[Eeglablist] Open online discussion: How Do Cable Theory and AMPA/GABA Balance Compare in Their Contributions to 1/f?

[Ching-Ming Lee]

Hello Makoto and the 1/f community,

Inspired by this discussion, I would like to share some empirical data that
might help quantify the relative contributions of cable theory versus E/I
balance.

As a physicist working on materials science and EEG, I conducted an N-of-1
longitudinal study on a 65-year-old subject (a senior physicist). We
delivered four consecutive sessions of alpha-tuned rTMS (totaling 8,600
pulses) within 3.5 hours and monitored the state evolution.

*Key Findings:*

   1.

   *Dramatic Exponent Shift:* We observed the 1/f exponent (FOOOF) drifting
   from ~1.2 (baseline) up to ~1.8 at Stage 4.
   2.

   *Structural Stability vs. Dynamic Change:* Since the subject's neuronal
   morphology (cable theory properties) cannot change by 60% within 3 hours,
   this massive shift provides strong evidence that *E/I balance
   (GABA-mediated inhibition)* is the primary driver of 1/f *dynamics*,
   even if cable theory sets the *baseline*.
   3.

   *The "Collapse" Threshold:* Our WPLI network analysis shows that while
   the "Small-World" topology optimizes initially, it undergoes a *"Network
   Collapse"* beyond a certain exponent threshold (Stage 5), where global
   efficiency drops and local clustering disintegrates.
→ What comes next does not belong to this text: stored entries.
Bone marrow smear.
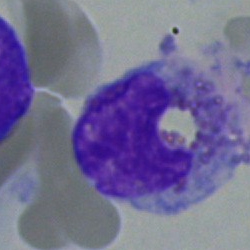 This is a monocyte.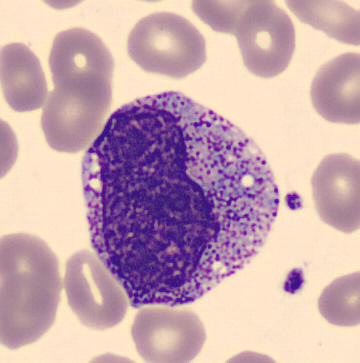
Image: Single-cell field; peripheral blood film. Q: What cell is this?
A: It is a promyelocyte.
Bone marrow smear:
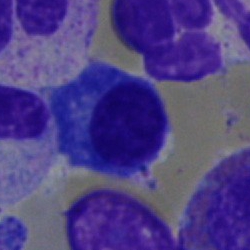
Cell = plasmacyte.
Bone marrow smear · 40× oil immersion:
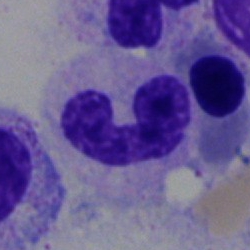
A band neutrophil.
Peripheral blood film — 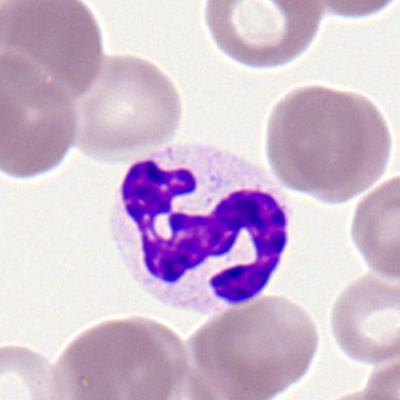
A polymorphonuclear neutrophil.
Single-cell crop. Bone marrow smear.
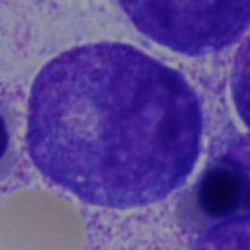

The classification is progranulocyte.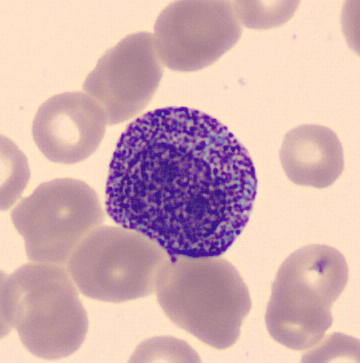Image: May Grünwald-Giemsa stain · peripheral blood smear.

This is a progranulocyte.

*Implications for the Discussion:* This data supports the idea that
1/f-ness is not just a passive physical property but a dynamic biomarker of
functional boundaries. It also challenges the clinical "more is better"
approach in TMS therapy, suggesting that we can push the brain into an
over-inhibited disordered phase.

These findings are part of a manuscript currently in preparation.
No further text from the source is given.